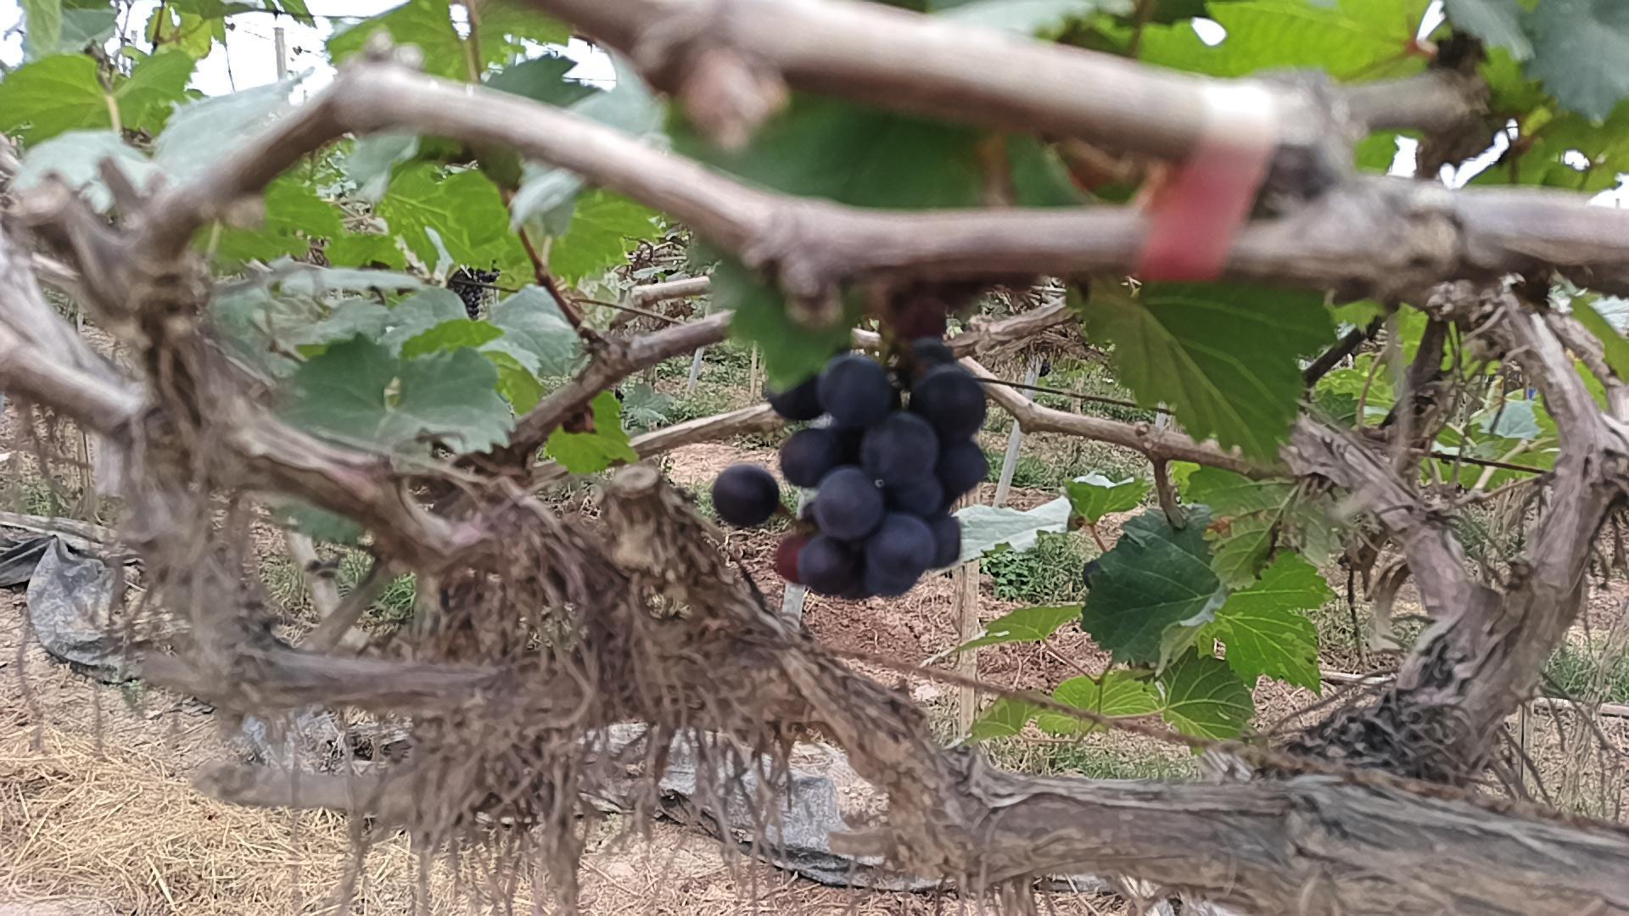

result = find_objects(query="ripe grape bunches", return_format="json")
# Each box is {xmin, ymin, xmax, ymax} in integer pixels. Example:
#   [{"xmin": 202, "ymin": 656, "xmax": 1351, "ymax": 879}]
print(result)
[
  {"xmin": 712, "ymin": 338, "xmax": 987, "ymax": 599},
  {"xmin": 447, "ymin": 266, "xmax": 500, "ymax": 319}
]
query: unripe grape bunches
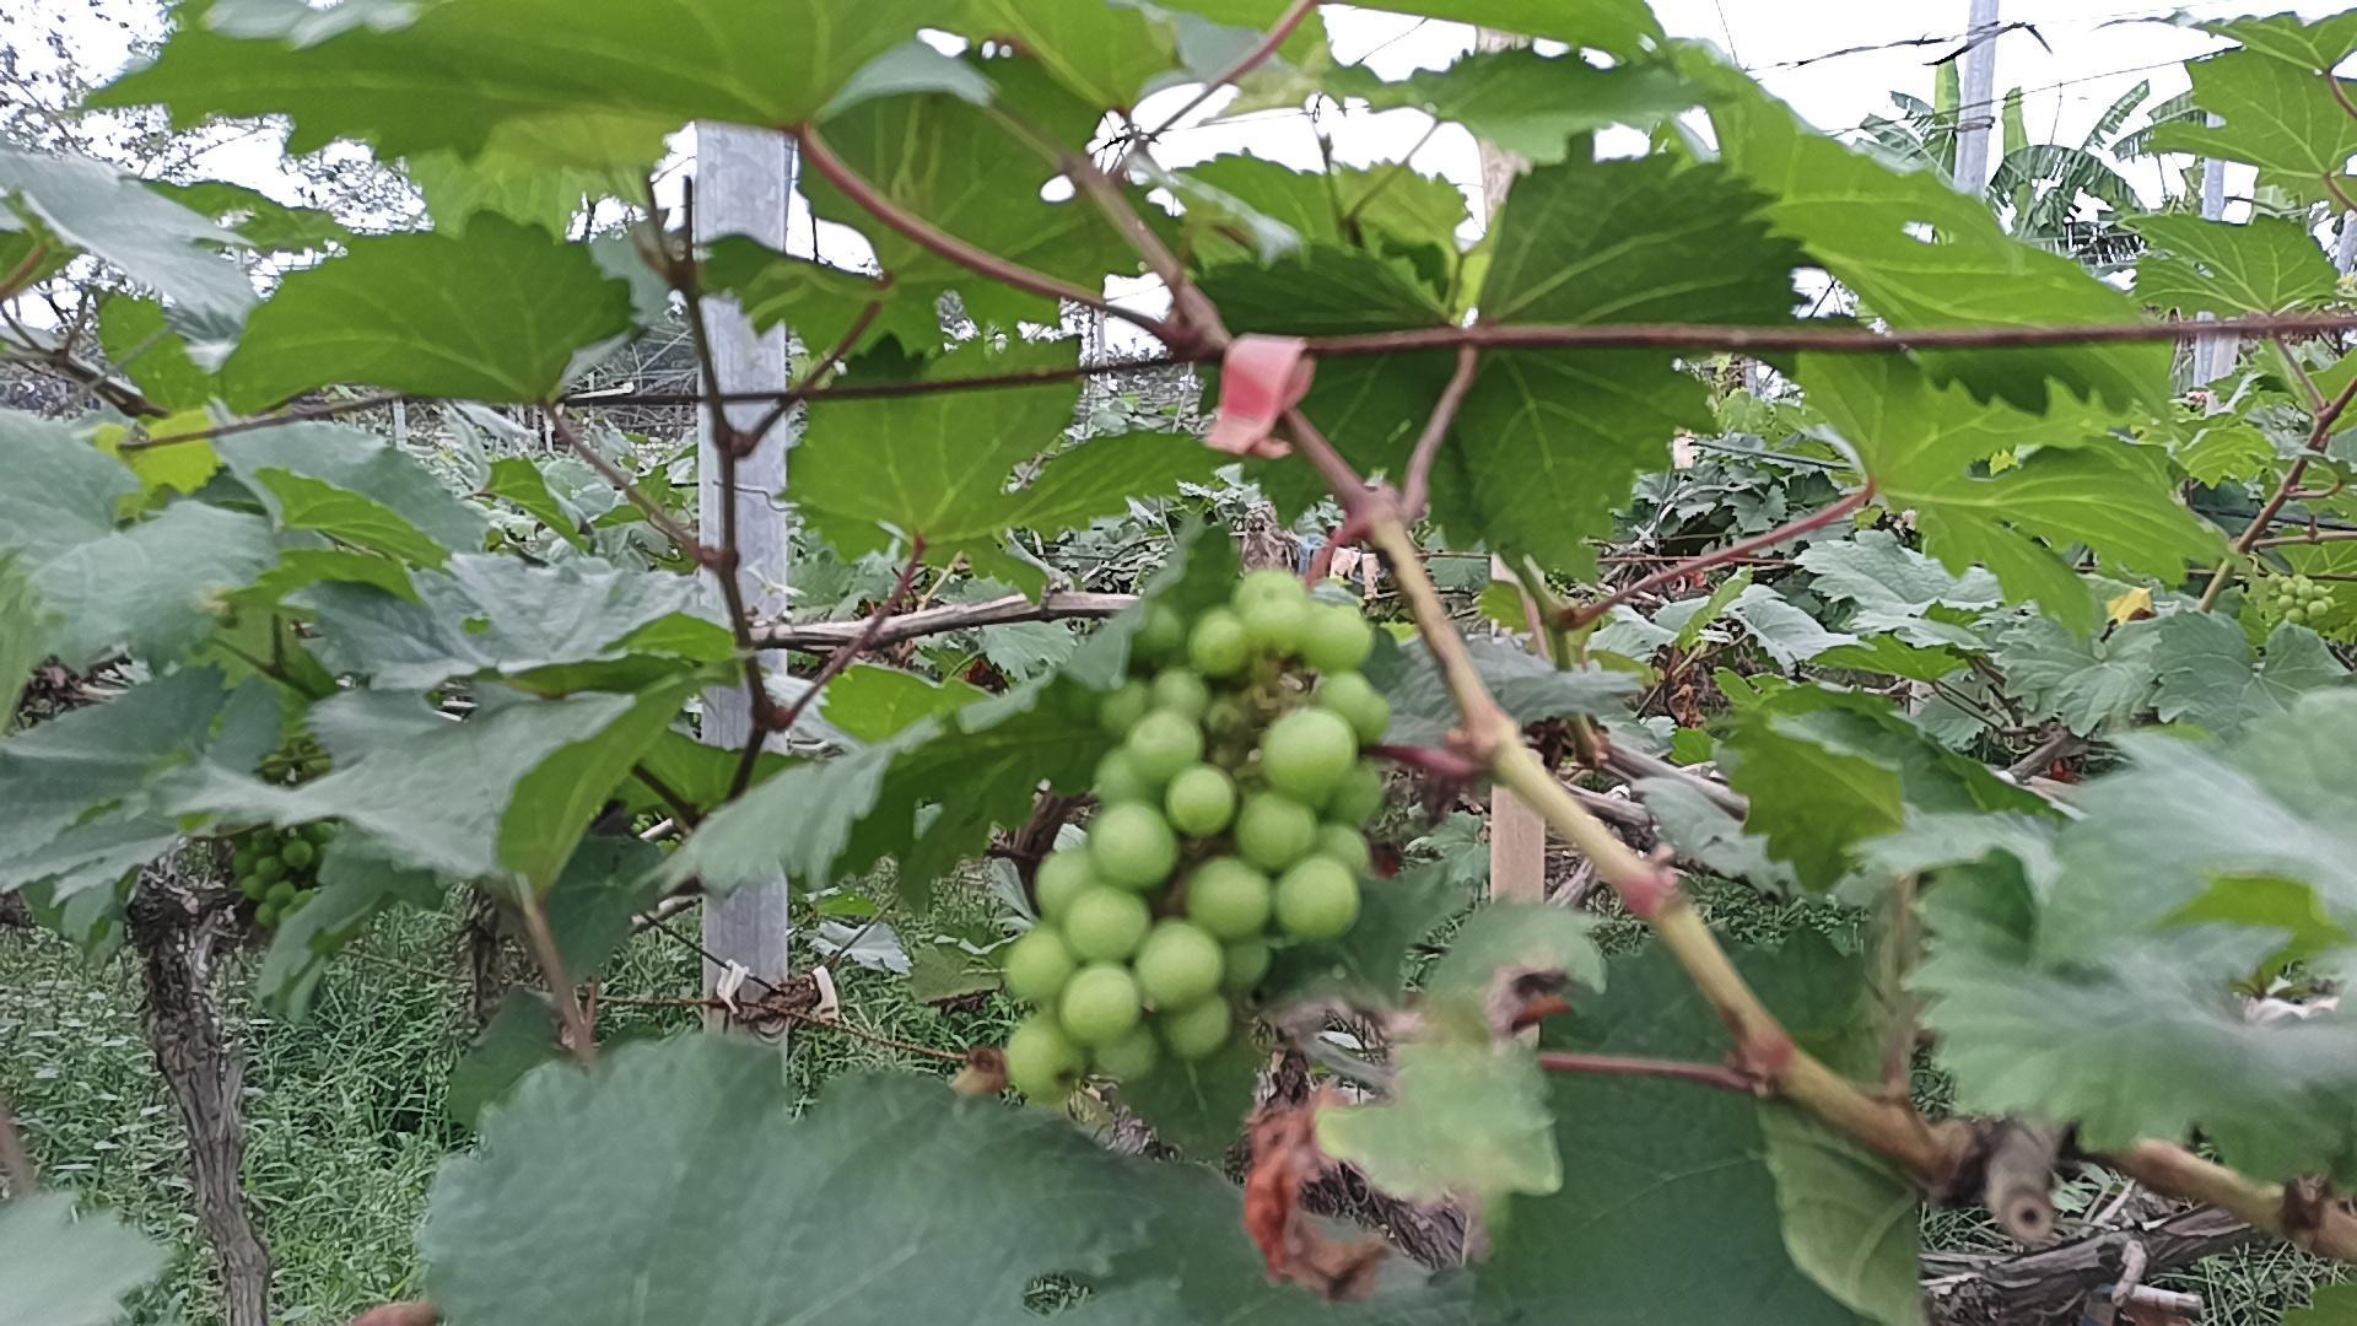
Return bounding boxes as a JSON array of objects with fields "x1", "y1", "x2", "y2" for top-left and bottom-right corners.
[
  {"x1": 954, "y1": 570, "x2": 1392, "y2": 1104},
  {"x1": 226, "y1": 821, "x2": 334, "y2": 934}
]
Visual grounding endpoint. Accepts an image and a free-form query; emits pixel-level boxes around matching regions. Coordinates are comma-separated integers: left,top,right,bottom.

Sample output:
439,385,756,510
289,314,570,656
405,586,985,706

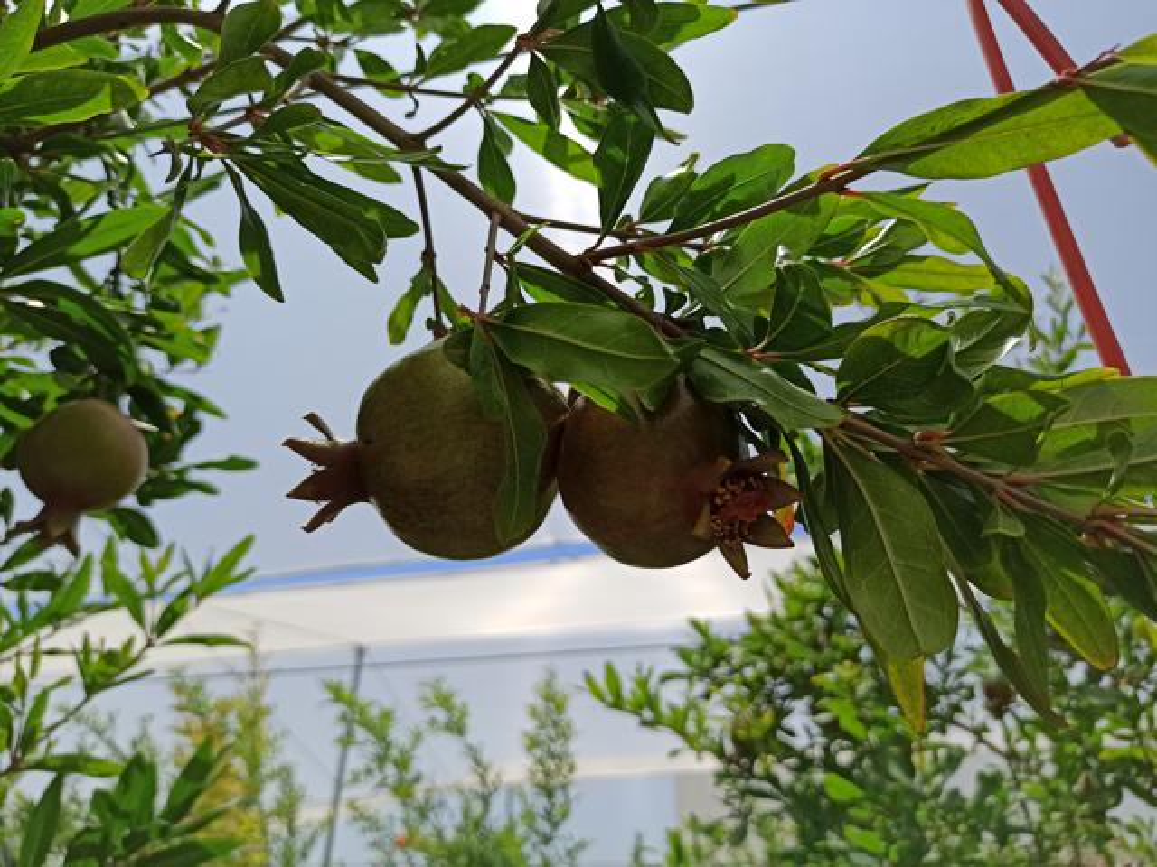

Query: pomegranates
280,336,569,560
559,374,806,580
13,399,150,560
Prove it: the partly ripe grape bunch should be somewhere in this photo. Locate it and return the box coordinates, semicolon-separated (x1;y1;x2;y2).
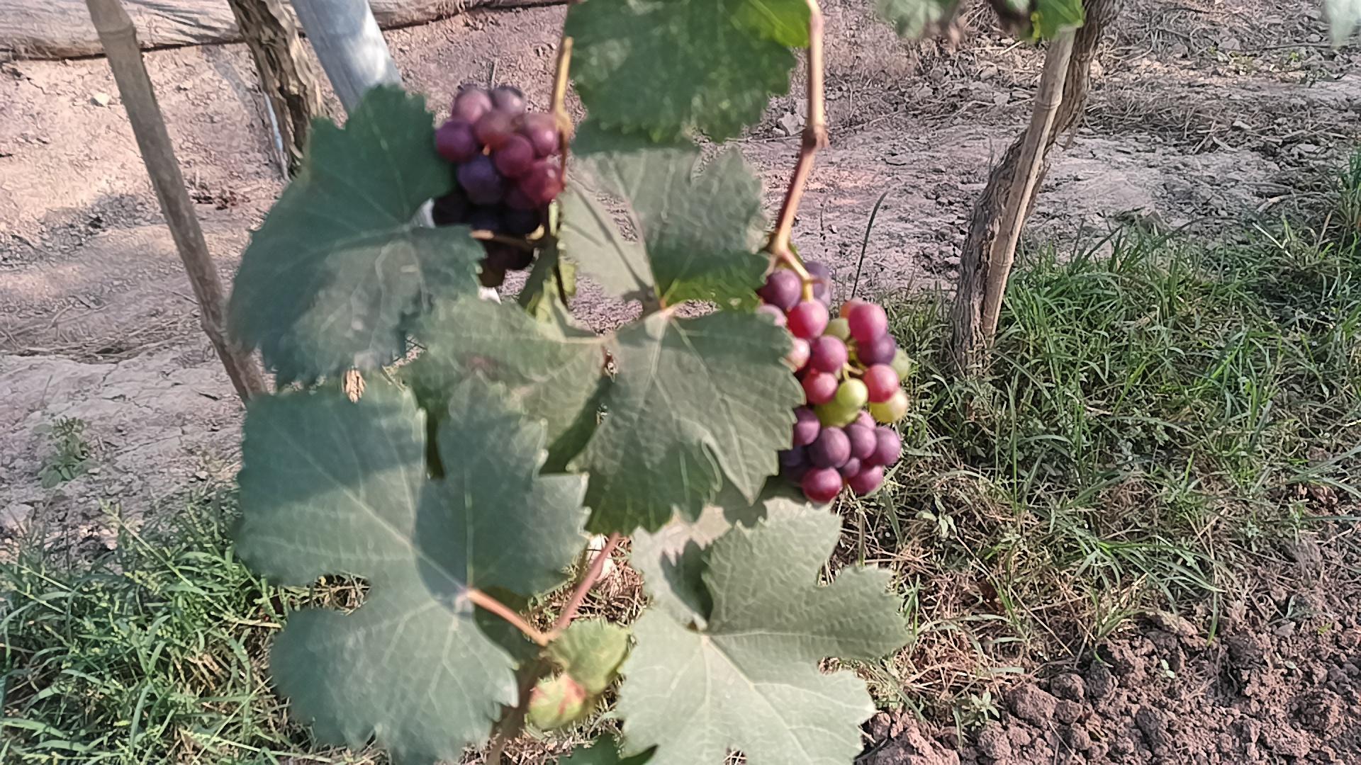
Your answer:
757;263;909;501
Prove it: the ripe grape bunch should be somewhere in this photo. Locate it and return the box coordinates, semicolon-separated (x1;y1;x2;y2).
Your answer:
432;84;567;298
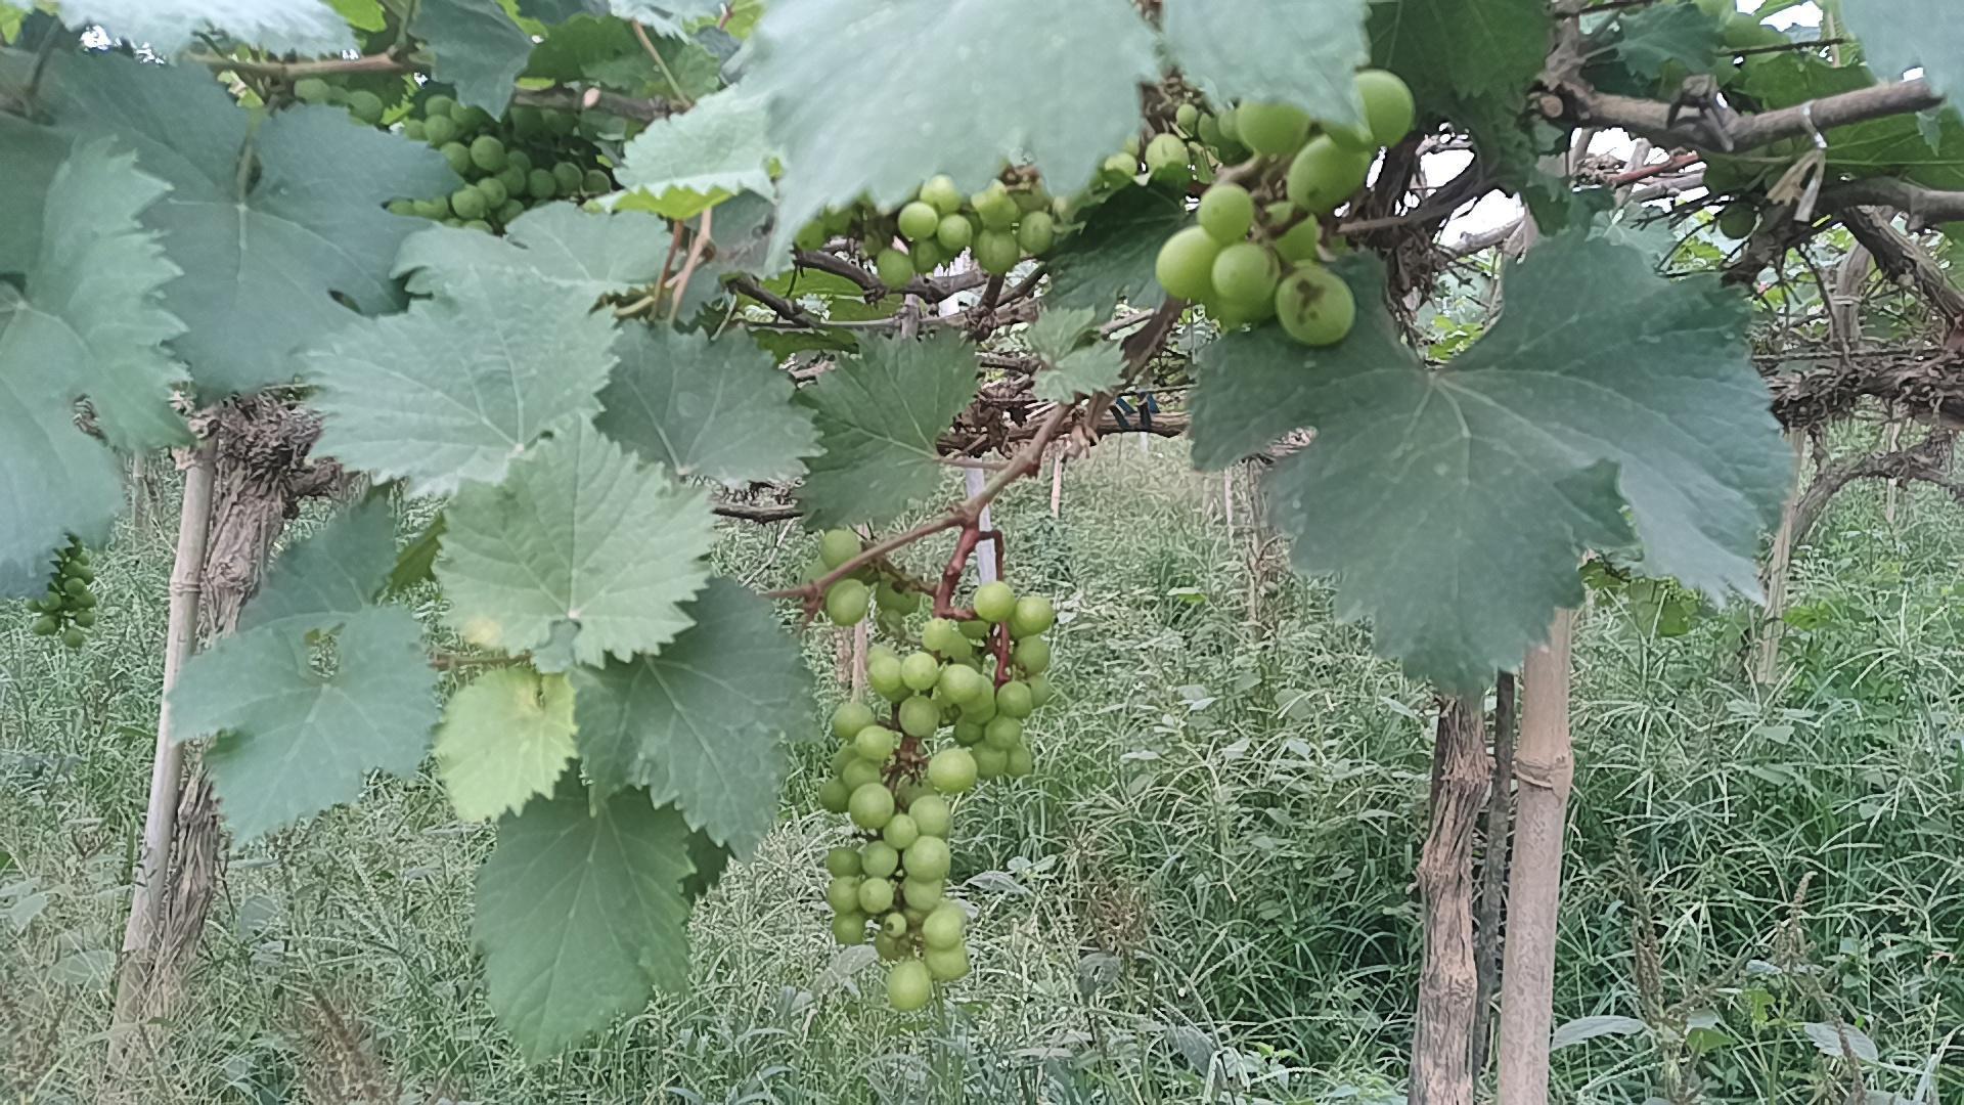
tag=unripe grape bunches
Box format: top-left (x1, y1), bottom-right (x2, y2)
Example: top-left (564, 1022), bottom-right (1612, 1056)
top-left (293, 75), bottom-right (618, 232)
top-left (791, 74), bottom-right (1216, 305)
top-left (797, 530), bottom-right (1055, 1010)
top-left (1156, 71), bottom-right (1414, 345)
top-left (30, 536), bottom-right (97, 647)

....................

Problem statement — The answer consists solely of the lines from the one containing "Box format: top-left" through the last line of the data above, reproduced exactly.

Result of the task —
Box format: top-left (x1, y1), bottom-right (x2, y2)
Example: top-left (564, 1022), bottom-right (1612, 1056)
top-left (293, 75), bottom-right (618, 232)
top-left (791, 74), bottom-right (1216, 305)
top-left (797, 530), bottom-right (1055, 1010)
top-left (1156, 71), bottom-right (1414, 345)
top-left (30, 536), bottom-right (97, 647)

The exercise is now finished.